An allelopathic substance in red pine needles (Pinus densiflora).[Pubmed:18755523]

J Plant Physiol. 2009 Mar 1;166(4):442-6.

Aqueous methanol extracts of red pine (Pinus densiflora) needles inhibited the growth of roots and shoots of cress (Lepidium sativum), lettuce (Lactuca sativa), alfalfa (Medicago sativa), ryegrass (Lolium multiflorum), timothy (Pheleum pratense), Digitaria sanguinalis and Echinochloa crus-galli. Increasing the extract concentration increased inhibition, suggesting that the pine needles may have growth inhibitory substances and possess allelopathic potential. The aqueous methanol extract of the pine needles was purified, and a main inhibitory substance was isolated and determined by spectral data as 9alpha,13beta-epidioxyabeit-8(14)en-18-oic acid.

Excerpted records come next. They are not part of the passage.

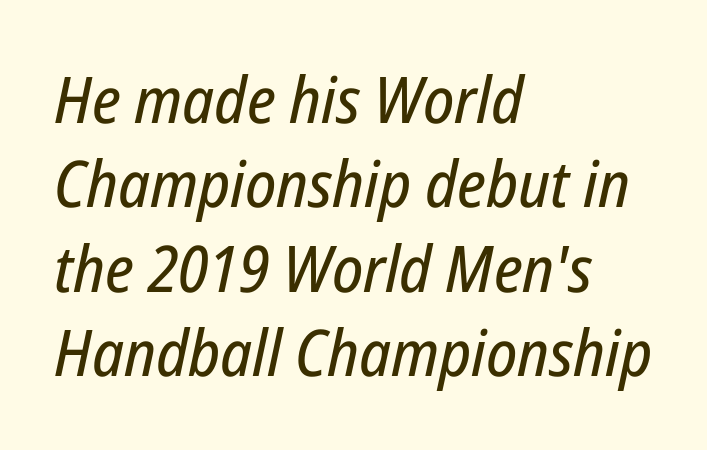
Each letter keeps its own natural width here, so spacing adapts to shape. The tracking reads as untouched default to a designer's eye. Is the type slanted? Yes — the strokes lean at a clear angle. The typesetter chose a ragged-right arrangement here.
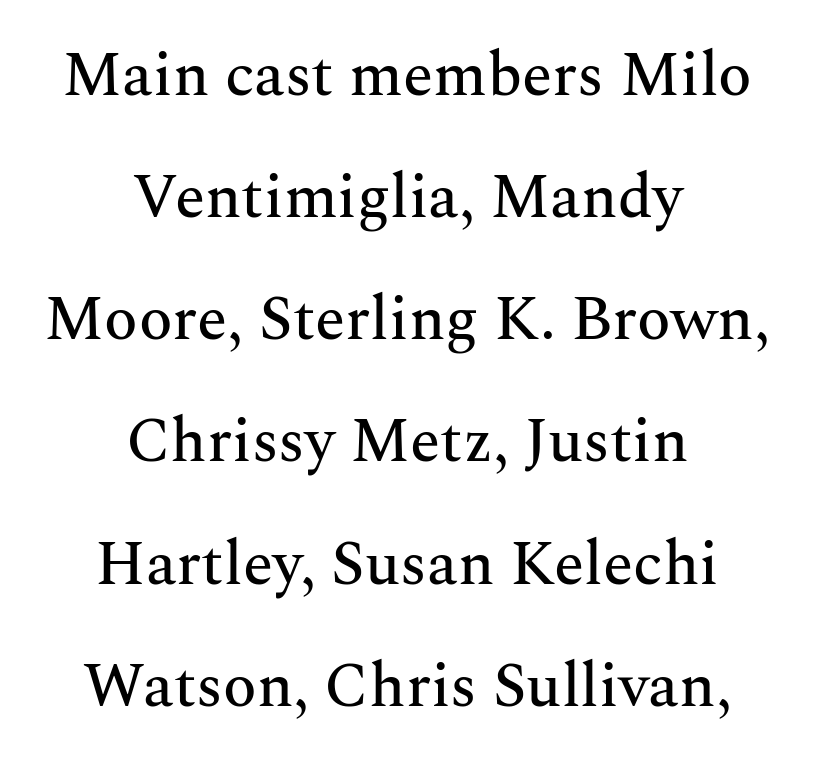
The image shows 62 px serif type, upright; set centered, loose line spacing (1.97x), normal letter spacing, not underlined; medium stroke contrast and a medium x-height.
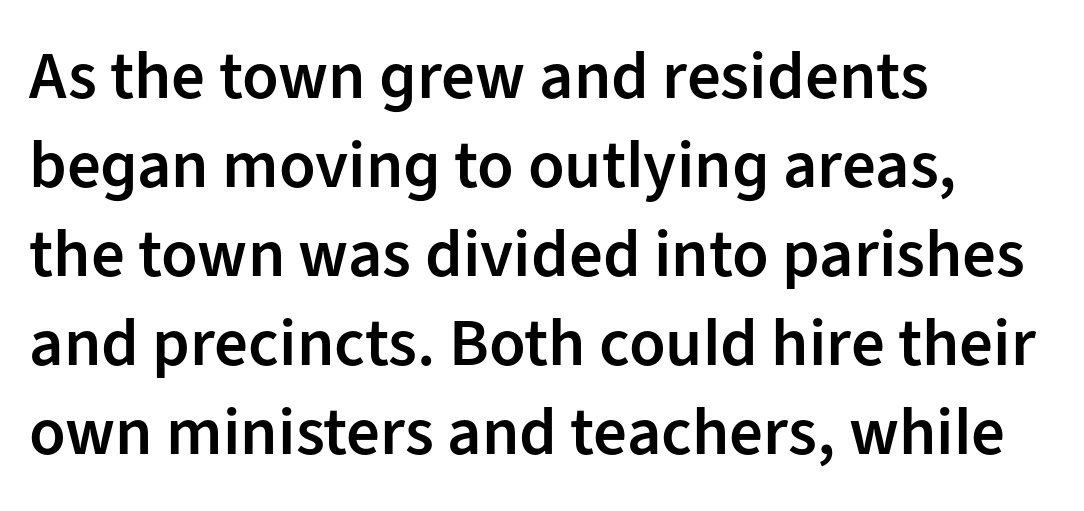
Think of a printed novel: that variable character pitch is what you see here. Letter spacing: default. The face used here is a sans, in the tradition of grotesques and geometrics. When letters stand straight like this, we call the style roman or upright. Just letters on the line, the space beneath them empty.
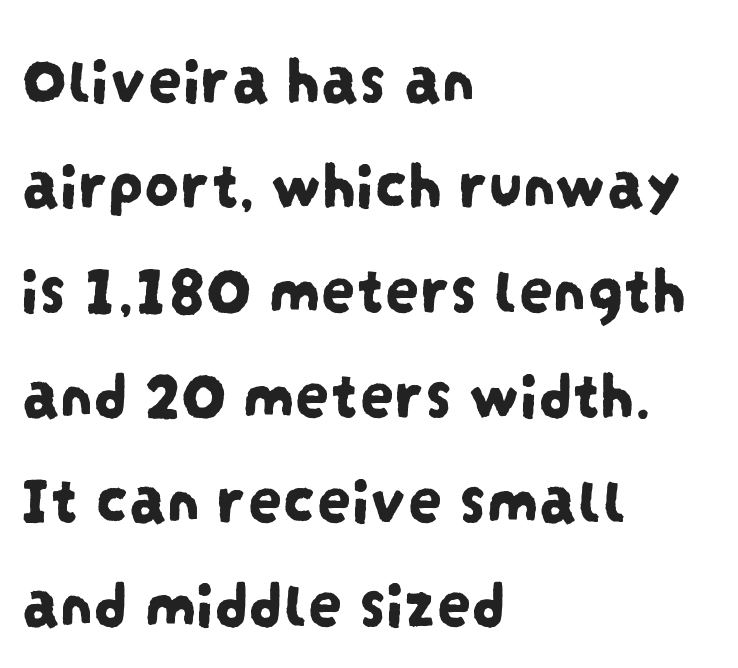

This substance inhibited root and shoot growth of cress and Echinochloa crus-galli seedlings at concentrations greater than 0.1 mM. The endogenous concentration of the substance was 0.13 mmol/kg pine needle. These results suggest that 9alpha,13beta-epidioxyabeit-8(14)en-18-oic acid may contribute to the growth inhibitory effect of the pine needles and may play an important role in the allelopathy of red pine.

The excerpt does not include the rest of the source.